Поскольку у Ракитина не было ни семьи, ни детей, он привык относиться к своей «шестерке» как к живому существу, которое предано ему и которое всегда где-то рядом. Ни расход масла, ни неумеренный бензиновый аппетит, ни многочисленные и почти ежедневные поломки не доставляли капитану существенных неудобств — он был старшим по званию и по возрасту, и относился к машине по-товарищески. Он снисходительно терпел ее самые фантастические капризы.
Наконец, Ракитин включил первую скорость и тронулся с места.
Он свернул за угол и поехал по Пролетарской. Сразу же за перекрестком, между собесом и книжным, была арка с лепниной, которая вела в подворотню. В глубине ее стояла машина с тонированными стеклами.
«Жигули» проехали мимо. Машина из подворотни почти бесшумно завелась, медленно выехала и остановилась, не включая поворотный сигнал. Ракитин проехал перекресток. Когда расстояние до его «жигулей» увеличилось метров до ста пятидесяти, машина с тонированными стеклами вывернула на проезжую часть и двинулась следом.
* * *
За рулем этого автомобиля сидел Антон Каратаев. Рядом, на пассажирском сиденье, расположилась Дементьева. На коленях ее был раскрытый ноутбук. Юлия Николаевна смотрела на монитор, не поднимая на дорогу глаз.

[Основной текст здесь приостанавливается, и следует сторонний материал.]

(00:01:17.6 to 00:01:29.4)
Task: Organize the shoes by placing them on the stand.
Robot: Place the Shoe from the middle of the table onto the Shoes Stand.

Каратаев двигался медленно — потому что не гнал и объект, за которым они вели охоту. Каратаев посмотрел на заднее стекло «шестерки», на которое был налеплен треугольный знак с чайником, испускающим облачко пара.
Подполковник усмехнулся.
— Ну и тип. Как ты его оцениваешь? — спросил он.

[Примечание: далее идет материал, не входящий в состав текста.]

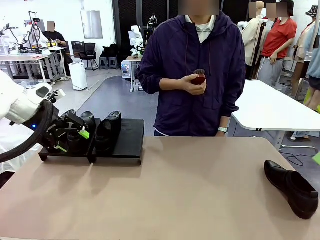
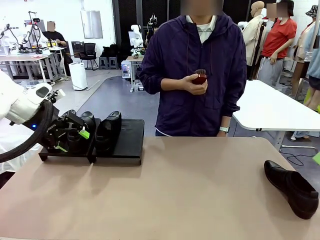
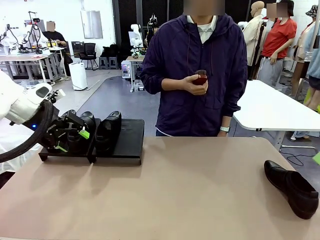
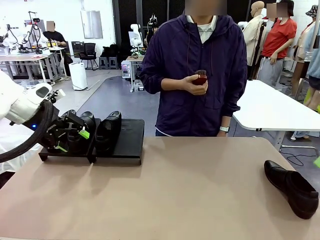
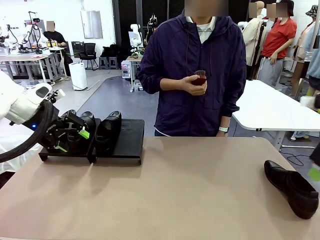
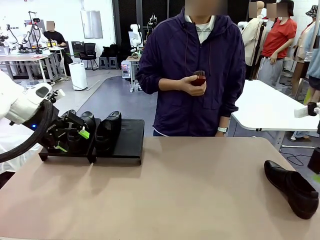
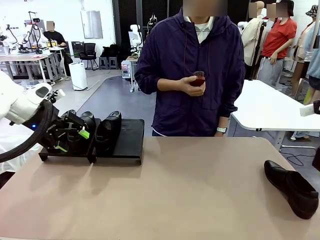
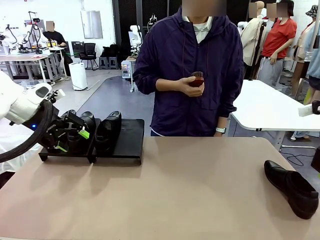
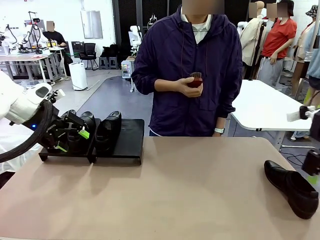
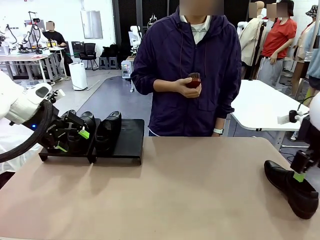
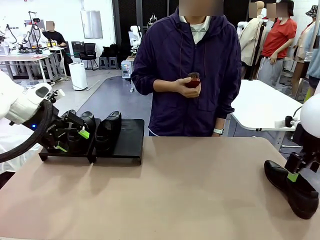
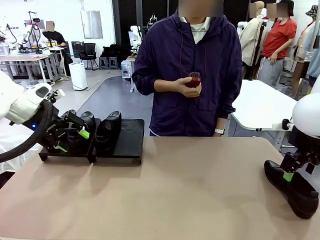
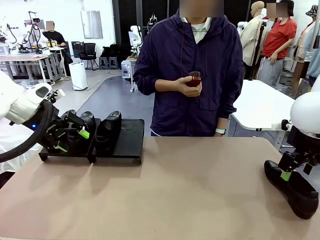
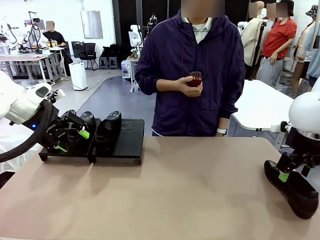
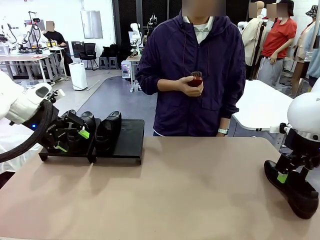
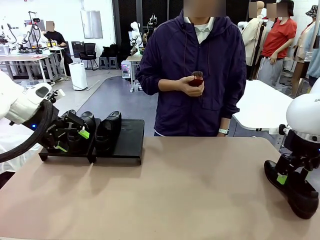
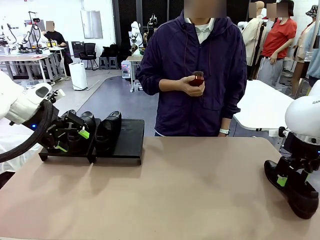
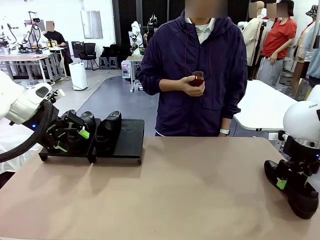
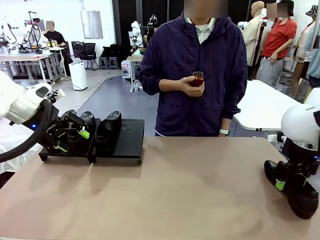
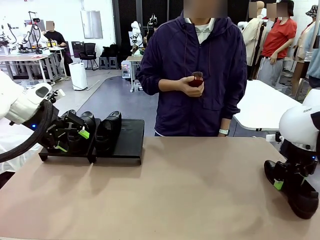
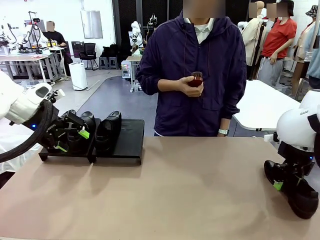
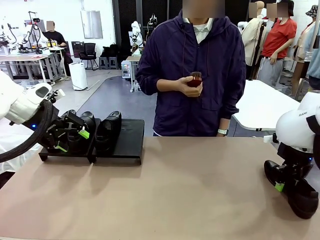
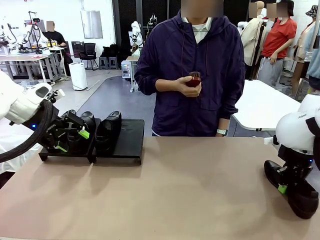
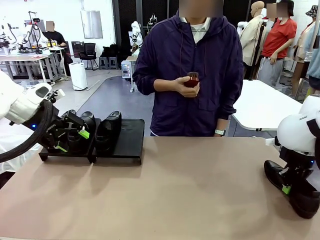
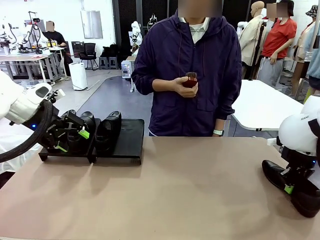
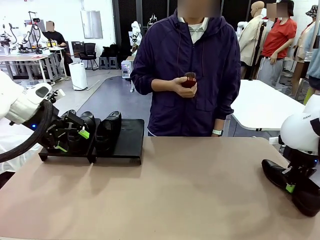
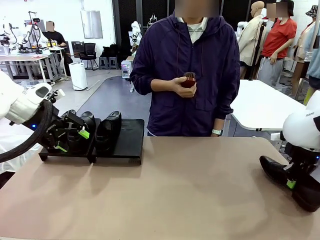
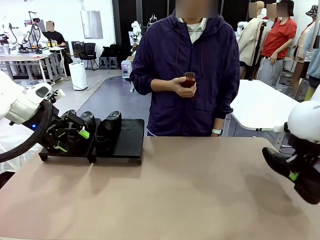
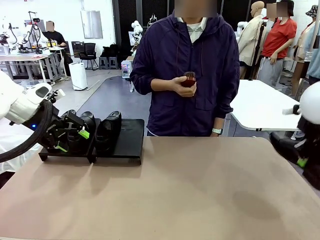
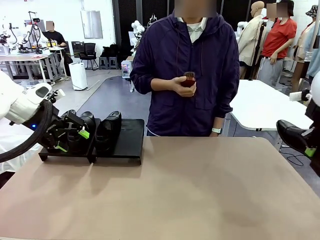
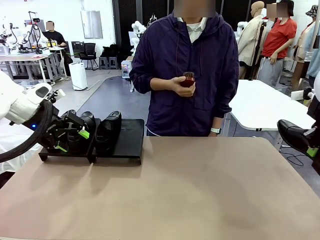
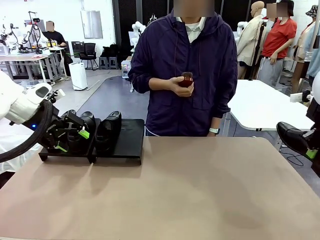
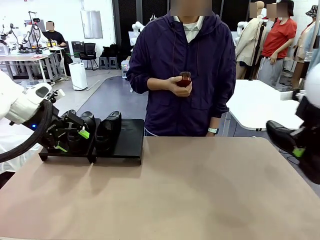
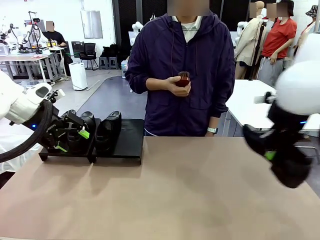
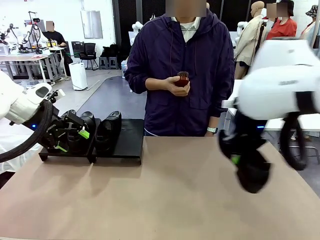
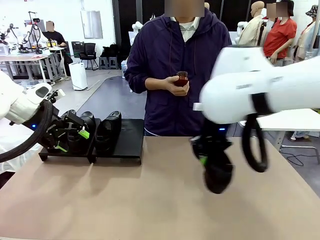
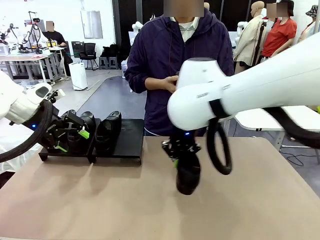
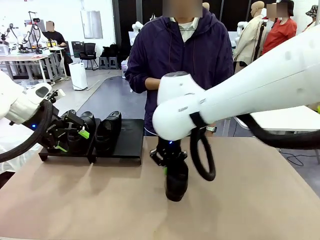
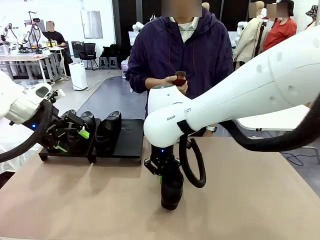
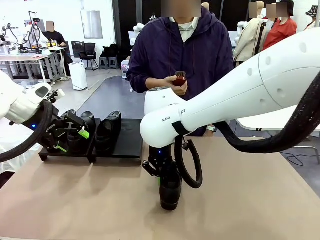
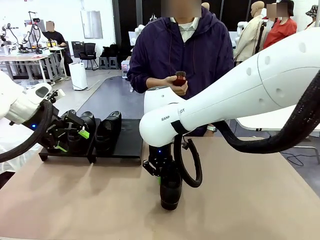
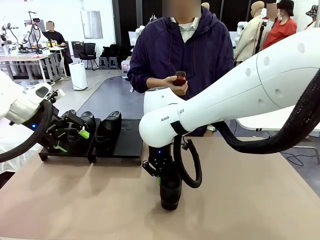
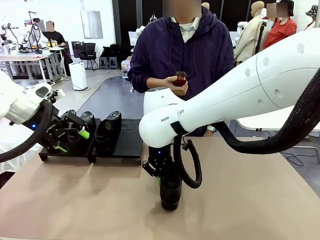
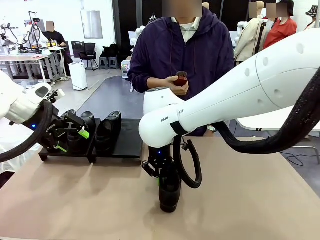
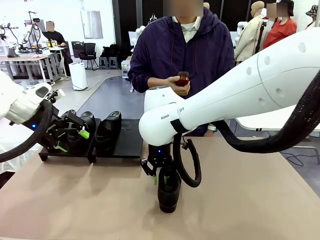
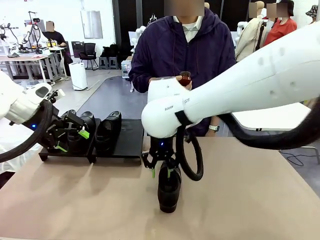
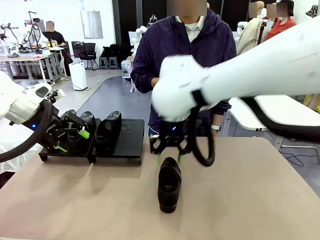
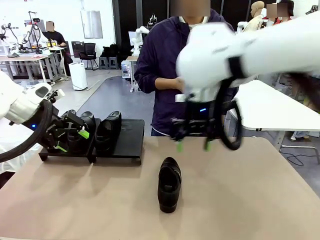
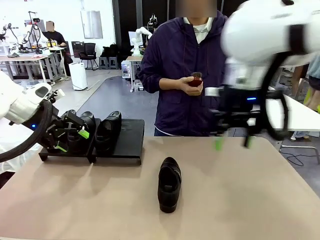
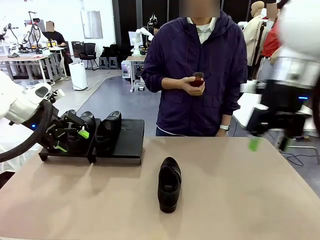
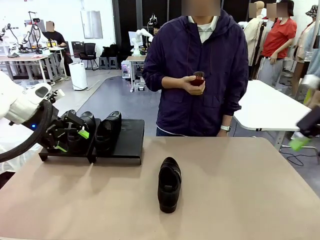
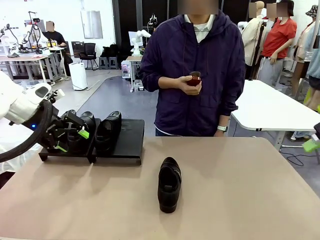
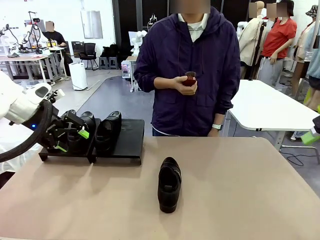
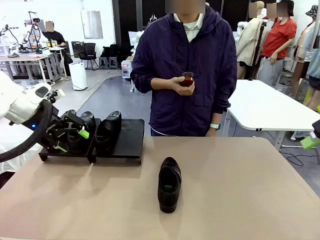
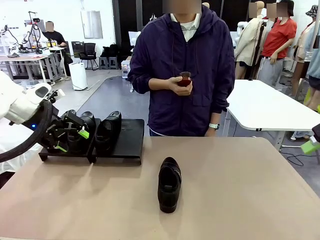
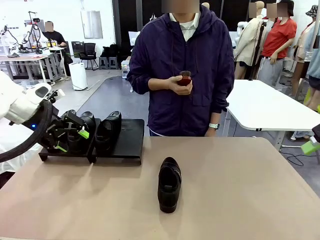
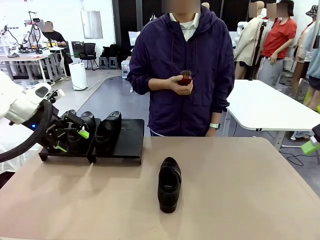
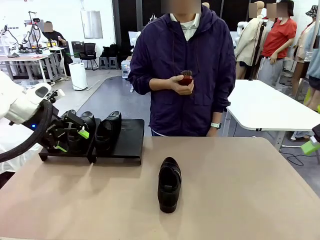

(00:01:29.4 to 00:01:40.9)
Robot: Pick up one Shoe and place it in the middle of the table.

Глаз своих от монитора Юлия Николаевна не подняла. Она ответила:
— Знаешь, Антон… Двойственно. В кабинете у прокурора я наблюдала за ним и попыталась сделать анализ. Когда он отвечал на вопросы, все было вроде бы как нужно. Рефлекторные движения мышц, жесты. Однако… Мне показалось, что он почувствовал, что я веду над ним наблюдение. И за ответами его будто бы что-то стоит еще. Не исключаю, что он просто играл с нами.
Машина Ракитина остановилась на светофоре. Каратаев не стал подъезжать ближе и пристраиваться ей вслед. Он взял к обочине и остановился у тротуара, сохранив дистанцию.

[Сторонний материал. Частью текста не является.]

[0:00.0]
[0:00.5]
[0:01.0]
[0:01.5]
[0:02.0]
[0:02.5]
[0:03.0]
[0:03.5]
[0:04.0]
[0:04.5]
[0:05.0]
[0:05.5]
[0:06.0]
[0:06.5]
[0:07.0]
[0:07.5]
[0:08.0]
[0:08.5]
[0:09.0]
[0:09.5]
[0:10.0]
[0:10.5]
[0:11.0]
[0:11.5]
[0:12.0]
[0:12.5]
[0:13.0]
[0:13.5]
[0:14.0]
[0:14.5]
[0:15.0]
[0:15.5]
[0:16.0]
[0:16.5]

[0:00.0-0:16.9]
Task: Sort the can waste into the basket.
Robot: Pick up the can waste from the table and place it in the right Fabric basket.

— Думаешь, он так непрост? — спросил Каратаев.
Дементьева подняла на секунду глаза на объект слежки. Потом вновь опустила взгляд на монитор.
— Пока еще ничего не знаю, Антон… — сказала она. — Ты к нему близко не подходи. Пусть он не видит нас. С маяком все равно далеко не уйдет.
На мониторе ноутбука был спутниковая карта, увеличенная до такой степени, что на крышах различались решетки телевизионных антенн. В ее геометрическом лабиринте двигалось пульсирующее световое пятно. Это была машина Ракитина с установленным на ней маяком.
На перекрестке включился зеленый. «Шестерка» поехала. Каратаев подождал, пока она не скроется за поворотом.
— Теперь давай, — сказала Дементьева. Каратаев тронулся с места. — Тут направо… и немного прибавь. Метров через двести левый поворот, он пошел туда. Послушай, Антон…
Каратаев бросил на нее удивленный взгляд.
— Может, — спросила Юлия Николаевна. — Стоило ему рассказать все, как есть?